For further analysis, one could assume the duration of these rides would specifically *increase* and perform a single-tailed t-test in that direction. This would double the statistical power of the test and would be a good next step since it is unlikely that rainy conditions would *decrease* a taxi ride's duration.

# Conclusion

From my analysis, I have demonstrated a few key takeaways regarding Chicago taxi rides on November 15-16, 2017:
- **Taxi Companies**
    - Flash Cab is the dominant taxi company with a 14.2% market share.
    - Taxi Affiliation Services fulfilled the second most rides, with a, 8.3% share.
    - About 10 other competitors are providing at least 5000 rides in this time period.
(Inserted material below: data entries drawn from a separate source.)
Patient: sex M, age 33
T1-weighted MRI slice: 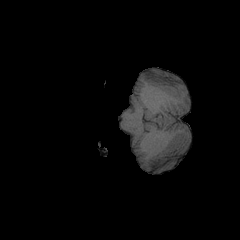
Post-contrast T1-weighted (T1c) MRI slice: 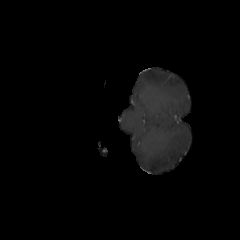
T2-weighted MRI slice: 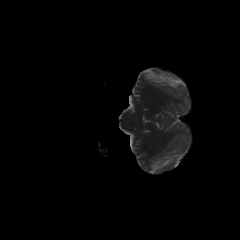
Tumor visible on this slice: no
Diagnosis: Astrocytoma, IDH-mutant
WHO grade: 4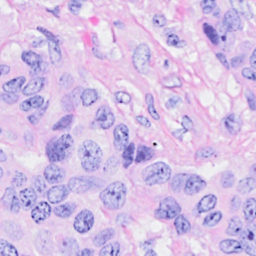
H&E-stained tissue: Breast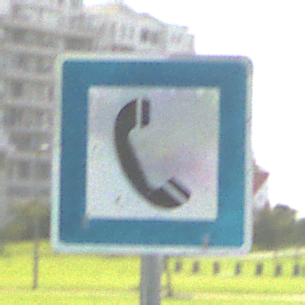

    - There are a total of 64 taxi companies in the dataset.
    
- **Chicago Neighborhood Popularity**
    - The top 3 destination neighborhoods are Loop, River North, and Streeterville.
    - These 3 neighborhoods account for 47.7% of all Chicago dropoffs, and 62.2% among the top 10 neighborhoods.
    
- **Effect of Weather**
    - For rides from Loop to O'Hare International Airport, weather rated 'bad' causes a statistically significant change in ride duration (α = 0.05).
    - The average change in ride duration in 'bad' weather was an increase of over 7 minutes.